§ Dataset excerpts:

_ _ _

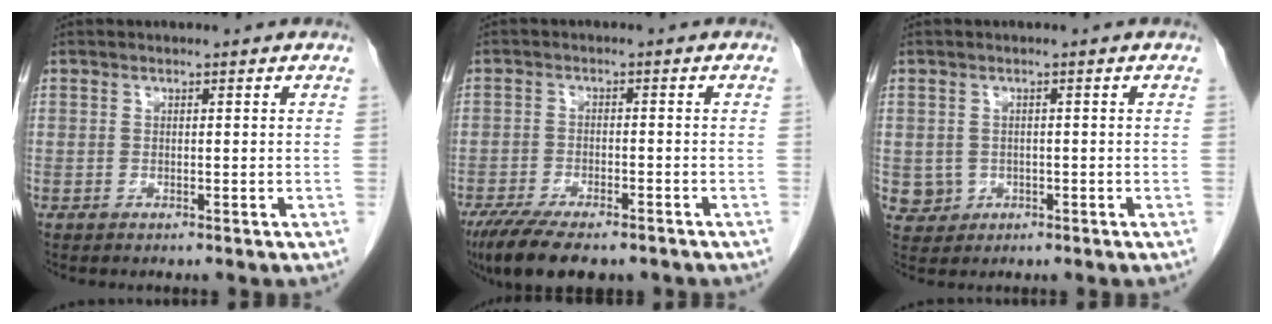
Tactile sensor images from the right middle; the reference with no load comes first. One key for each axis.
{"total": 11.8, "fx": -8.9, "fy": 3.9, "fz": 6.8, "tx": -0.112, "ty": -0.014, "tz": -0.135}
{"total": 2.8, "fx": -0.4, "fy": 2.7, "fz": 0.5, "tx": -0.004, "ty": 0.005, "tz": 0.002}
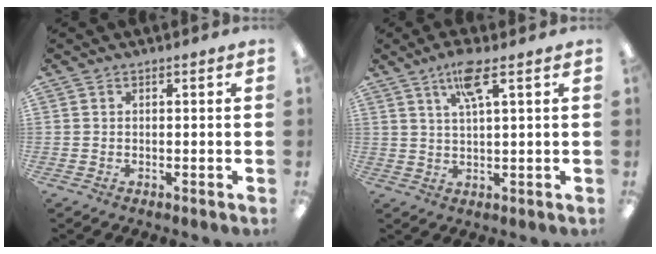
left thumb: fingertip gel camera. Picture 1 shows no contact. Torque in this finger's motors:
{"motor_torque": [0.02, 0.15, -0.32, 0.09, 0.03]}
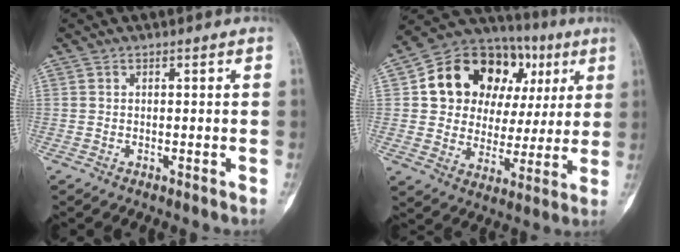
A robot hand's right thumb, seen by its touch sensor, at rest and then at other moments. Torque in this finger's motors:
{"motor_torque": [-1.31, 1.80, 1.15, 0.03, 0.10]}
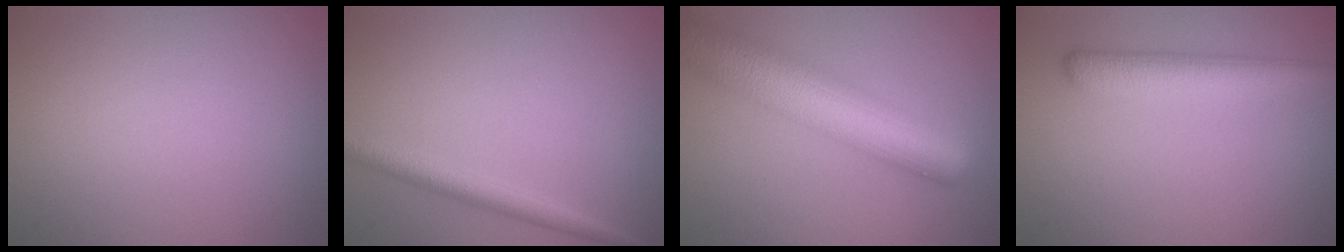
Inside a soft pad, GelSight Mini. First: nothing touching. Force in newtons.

_ _ _

Give back every record above word for word, dropping pictures.

§ RESPONSE:
Tactile sensor images from the right middle; the reference with no load comes first. One key for each axis.
{"total": 11.8, "fx": -8.9, "fy": 3.9, "fz": 6.8, "tx": -0.112, "ty": -0.014, "tz": -0.135}
{"total": 2.8, "fx": -0.4, "fy": 2.7, "fz": 0.5, "tx": -0.004, "ty": 0.005, "tz": 0.002}
left thumb: fingertip gel camera. Picture 1 shows no contact. Torque in this finger's motors:
{"motor_torque": [0.02, 0.15, -0.32, 0.09, 0.03]}
A robot hand's right thumb, seen by its touch sensor, at rest and then at other moments. Torque in this finger's motors:
{"motor_torque": [-1.31, 1.80, 1.15, 0.03, 0.10]}
Inside a soft pad, GelSight Mini. First: nothing touching. Force in newtons.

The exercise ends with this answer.